Eurovision Song Contest

Eurovision Song Contest in Turin: So sind die Regeln

Der Eurovision Song Contest ist eine dynamische Angelegenheit!

Mal fielen die Reformen gewaltig aus, mal blieb es beim Reförmchen. Beispielsweise hoffen die Teilnehmer erst seit 1975 auf die erlösende Höchstwertung "12 Punkte". Zur Übersichtlichkeit eine kleine Regelkunde für den 66. ESC in Turin:

  • Der Wettbewerbssong darf nicht länger als drei Minuten sein. Politische Botschaften etwa auf T-Shirts oder Bannern, per Handzeichen oder verbal sind verboten. Es dürfen maximal sechs Menschen, aber keine Tiere auf der Bühne stehen. Der Interpret muss am Tag des Halbfinales zumindest 16 Jahre alt sein und darf die Sprache des Vortrags frei wählen. Und in Coronazeiten mussten alle Teilnehmerländer eine Videovoraufzeichnung ihres Beitrages einreichen, sollte ein Land aufgrund der Pandemielage nicht nach Turin einreisen können oder wegen eines Covidfalls für die Liveperformance ausfallen.

So weit, so klar. Etwas komplexer ist der potenzielle Weg, wie der Gewinner oder die Gewinnerin des Musikwettbewerbs gekrönt wird.

  • Einen garantierten Startplatz im Finale haben grundsätzlich immer die Vertreter der größten Geldgeber der European Broadcasting Union (EBU) und der Titelverteidiger. 2022 bildet sich dieser erlauchte Kreis aus folgenden fünf Ländern: Deutschland, Frankreich, Großbritannien, Spanien und Italien als "Big Five", wobei der Titelverteidiger und Gastgeber in jedem Falle im Finale stünde auch wenn er nicht Mitglied des Großzahlerclubs wäre.

 

  • In den zwei Halbfinalen werden je zehn Finaltickets vergeben.

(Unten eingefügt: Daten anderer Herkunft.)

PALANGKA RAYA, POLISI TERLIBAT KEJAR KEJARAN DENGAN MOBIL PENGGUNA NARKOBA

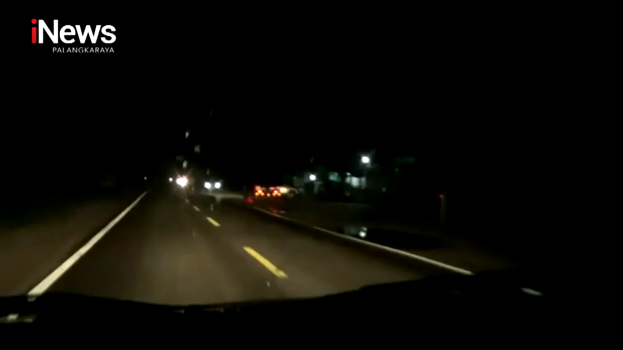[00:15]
Petugas di Samabta, Polda, Kalimantan Tengah melepaskan tembakan peringatan ke udara saat berusaha menghentikan sebuah mobil yang dikemudikan oleh seorang pengguna narkoba di jalan Cili Kriwut, Palangkaraya.

Insgesamt matchen sich im Finale also 25 Nummern um Europas Sangeskrone.

 

  • Alle 40 Länder, die beim heurigen ESC teilnehmen, sind beim Finale stimmberechtigt auch jene, die bereits in den Halbfinalen ausgeschieden sind.

 

  • Die Wertung eines Landes setzt sich aus dem Votum des Publikums via Anruf, App oder SMS sowie dem Votum einer fünfköpfigen Expertenjury zusammen. Derzeit werden die beiden Teilergebnisse im Verhältnis 50:50 gewichtet. Die besten zehn Titel werden mit 1, 2, 3, 4, 5, 6, 7, 8, 10 und 12 Punkten bewertet. Und selbstredend kann man nicht fürs eigene Land abstimmen.

 

  • Die Punkte der Jurys und der Zuschauerabstimmung werden dabei nicht pro Land kombiniert, sondern einzeln gewertet. Konkret vergibt damit jedes Land also zweimal 12 Punkte. Zunächst stellen die Ländersprecher in gewohnter Manier am Finalabend nur die 12 Punkte der Jurywertung vor, während die Punkte 1 bis 8 sowie 10 eingeblendet werden. Dann ist das Publikumsvoting an der Reihe: Als erstes werden die Publikumspunkte für jenes Land genannt, das am wenigsten Punkte von den Jurys erhalten hat. Der Gewinner des Juryvotings indes bekommt als letztes seine Publikumspunkte genannt. Dieses System soll den Gewinner möglichst lange offen halten - und die Spannung steigern, sollten die Zuschauer das Prozedere verstehen.

 

  • Sollte es trotz allen mathematischen Bemühungen am Ende einen Gleichstand zwischen zwei Ländern geben, gewinnt jenes Land, das vom Publikum höher bewertet wurde. Das Zuschauervotum hat in diesem Fall also Vorrang. Sollte auch die Zahl der Zuschauerstimmen für die beiden Songs genau gleich sein, liegt jener Song vorne, der aus mehr Ländern Publikumsstimmen bekommen hat. Sollte auch diese Zahl gleich sein, obsiegt jenes Land, das öfter 12 Punkte bekommen hat. Wenn auch dies keinen Sieger ermittelt, wird diese Regelung bis hinunter zu 1 Punkt fortgeführt. Und sollte der mathematisch unwahrscheinliche Fall eintreten, dass sich auch bis zu Punkt 1 für beide Länder ein Gleichstand ergibt, wird das Land zur Siegernation gekürt, das die frühere Startnummer im Finale hatte.